- **TASK STATEMENT**
Each entry below is to be transcribed exactly; pictures are not copied.
(DATASET EXTRACT Opens)
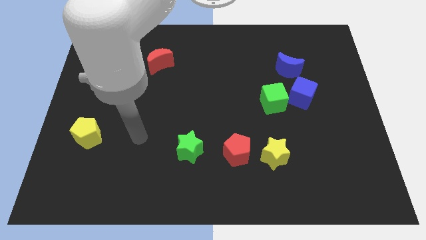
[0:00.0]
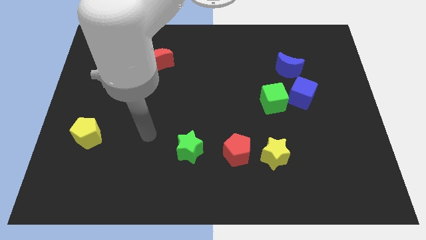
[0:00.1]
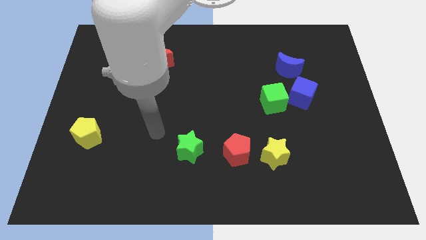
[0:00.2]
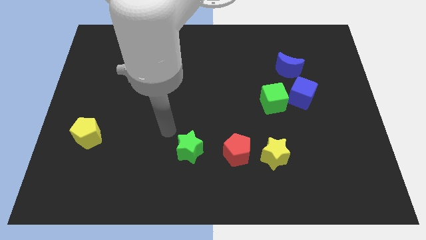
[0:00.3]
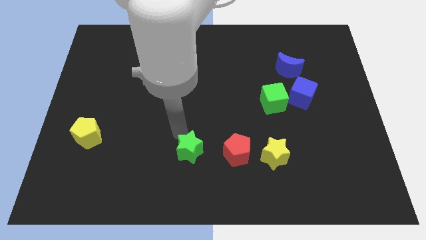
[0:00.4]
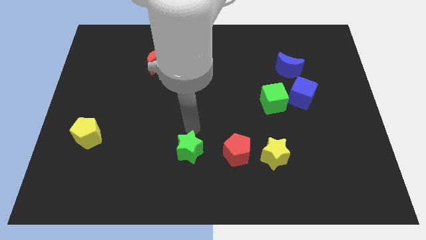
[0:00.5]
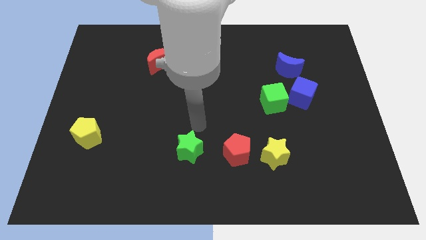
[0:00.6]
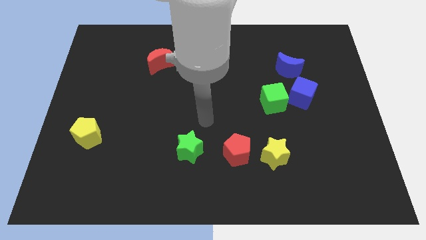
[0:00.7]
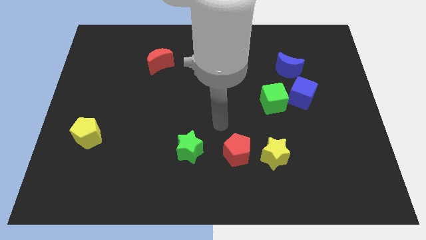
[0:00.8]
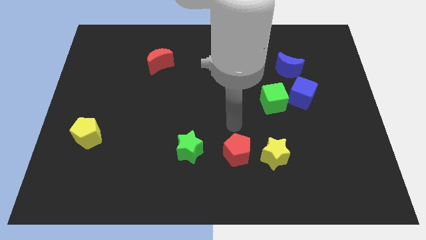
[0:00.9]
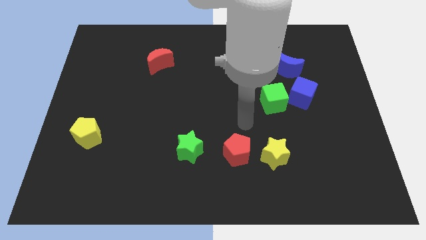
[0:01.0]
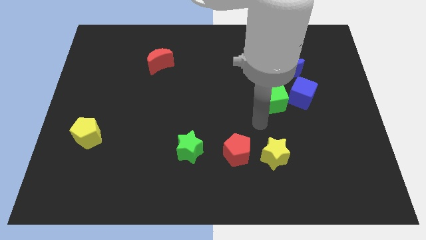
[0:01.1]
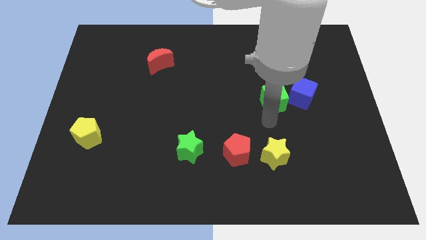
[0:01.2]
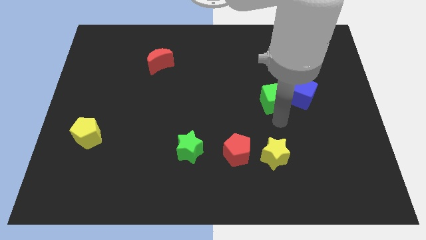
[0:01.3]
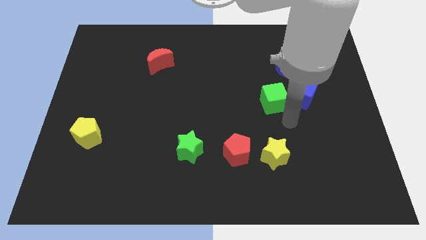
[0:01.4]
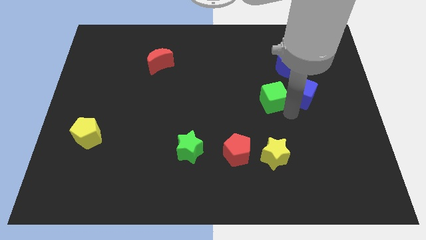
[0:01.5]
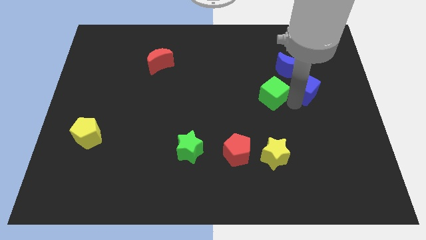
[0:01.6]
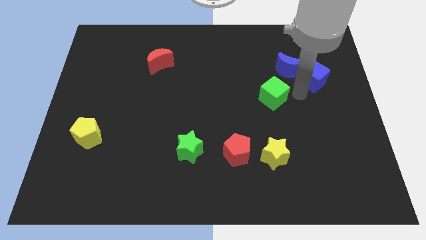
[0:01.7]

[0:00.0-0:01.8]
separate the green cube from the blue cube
(DATASET EXTRACT Closes)
- **TASK RESULT**
[0:00.0]
[0:00.1]
[0:00.2]
[0:00.3]
[0:00.4]
[0:00.5]
[0:00.6]
[0:00.7]
[0:00.8]
[0:00.9]
[0:01.0]
[0:01.1]
[0:01.2]
[0:01.3]
[0:01.4]
[0:01.5]
[0:01.6]
[0:01.7]

[0:00.0-0:01.8]
separate the green cube from the blue cube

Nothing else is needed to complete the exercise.